:: PROVIDED RECORDS

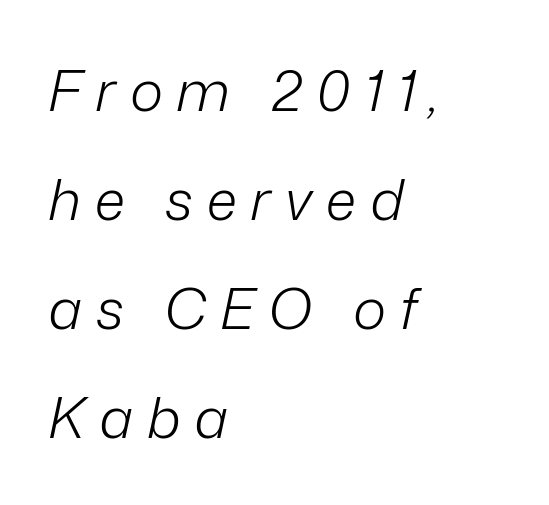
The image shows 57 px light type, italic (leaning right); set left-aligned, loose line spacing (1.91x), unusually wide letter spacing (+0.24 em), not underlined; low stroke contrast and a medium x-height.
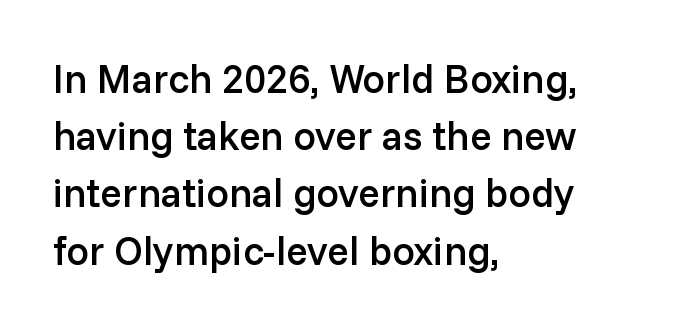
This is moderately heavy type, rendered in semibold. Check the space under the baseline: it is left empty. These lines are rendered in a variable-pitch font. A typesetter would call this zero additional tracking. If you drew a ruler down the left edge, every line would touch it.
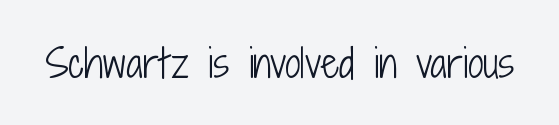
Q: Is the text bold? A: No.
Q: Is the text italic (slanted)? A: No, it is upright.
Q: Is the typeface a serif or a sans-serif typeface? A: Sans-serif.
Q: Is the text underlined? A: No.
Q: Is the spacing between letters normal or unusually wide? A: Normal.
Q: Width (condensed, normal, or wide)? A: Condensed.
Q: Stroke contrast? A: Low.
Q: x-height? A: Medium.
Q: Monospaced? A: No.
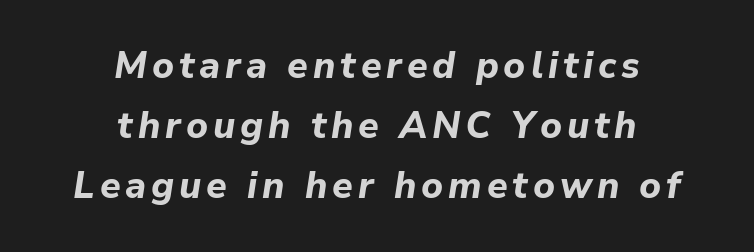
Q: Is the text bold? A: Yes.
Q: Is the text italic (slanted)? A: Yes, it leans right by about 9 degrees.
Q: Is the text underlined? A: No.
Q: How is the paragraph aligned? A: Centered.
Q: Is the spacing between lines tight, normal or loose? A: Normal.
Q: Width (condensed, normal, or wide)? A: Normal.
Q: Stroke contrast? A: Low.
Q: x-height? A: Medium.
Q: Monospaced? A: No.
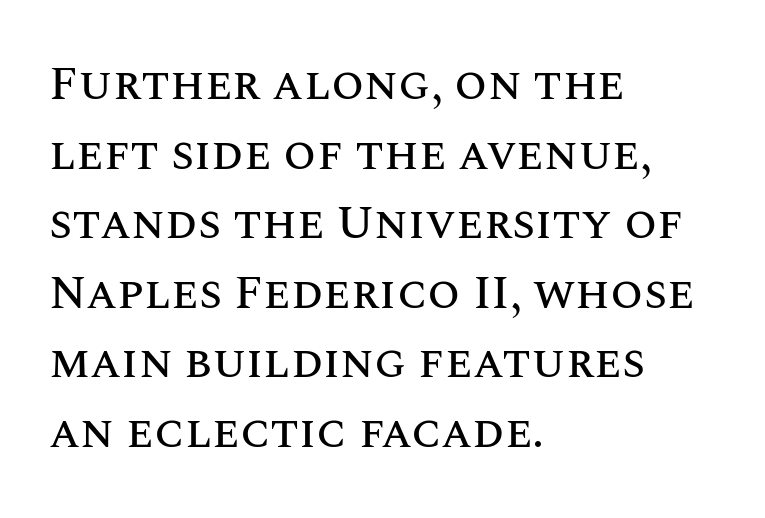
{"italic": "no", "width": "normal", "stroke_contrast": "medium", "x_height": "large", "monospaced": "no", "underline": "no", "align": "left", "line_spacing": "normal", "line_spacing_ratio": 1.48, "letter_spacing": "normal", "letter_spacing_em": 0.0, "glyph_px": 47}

::::

**TASK OBJECTIVE**
Reproduce the data word for word without its images.

**COMPLETED EXERCISE**
The image shows 57 px light type, italic (leaning right); set left-aligned, loose line spacing (1.91x), unusually wide letter spacing (+0.24 em), not underlined; low stroke contrast and a medium x-height.
This is moderately heavy type, rendered in semibold. Check the space under the baseline: it is left empty. These lines are rendered in a variable-pitch font. A typesetter would call this zero additional tracking. If you drew a ruler down the left edge, every line would touch it.
Q: Is the text bold? A: No.
Q: Is the text italic (slanted)? A: No, it is upright.
Q: Is the typeface a serif or a sans-serif typeface? A: Sans-serif.
Q: Is the text underlined? A: No.
Q: Is the spacing between letters normal or unusually wide? A: Normal.
Q: Width (condensed, normal, or wide)? A: Condensed.
Q: Stroke contrast? A: Low.
Q: x-height? A: Medium.
Q: Monospaced? A: No.
Q: Is the text bold? A: Yes.
Q: Is the text italic (slanted)? A: Yes, it leans right by about 9 degrees.
Q: Is the text underlined? A: No.
Q: How is the paragraph aligned? A: Centered.
Q: Is the spacing between lines tight, normal or loose? A: Normal.
Q: Width (condensed, normal, or wide)? A: Normal.
Q: Stroke contrast? A: Low.
Q: x-height? A: Medium.
Q: Monospaced? A: No.
{"italic": "no", "width": "normal", "stroke_contrast": "medium", "x_height": "large", "monospaced": "no", "underline": "no", "align": "left", "line_spacing": "normal", "line_spacing_ratio": 1.48, "letter_spacing": "normal", "letter_spacing_em": 0.0, "glyph_px": 47}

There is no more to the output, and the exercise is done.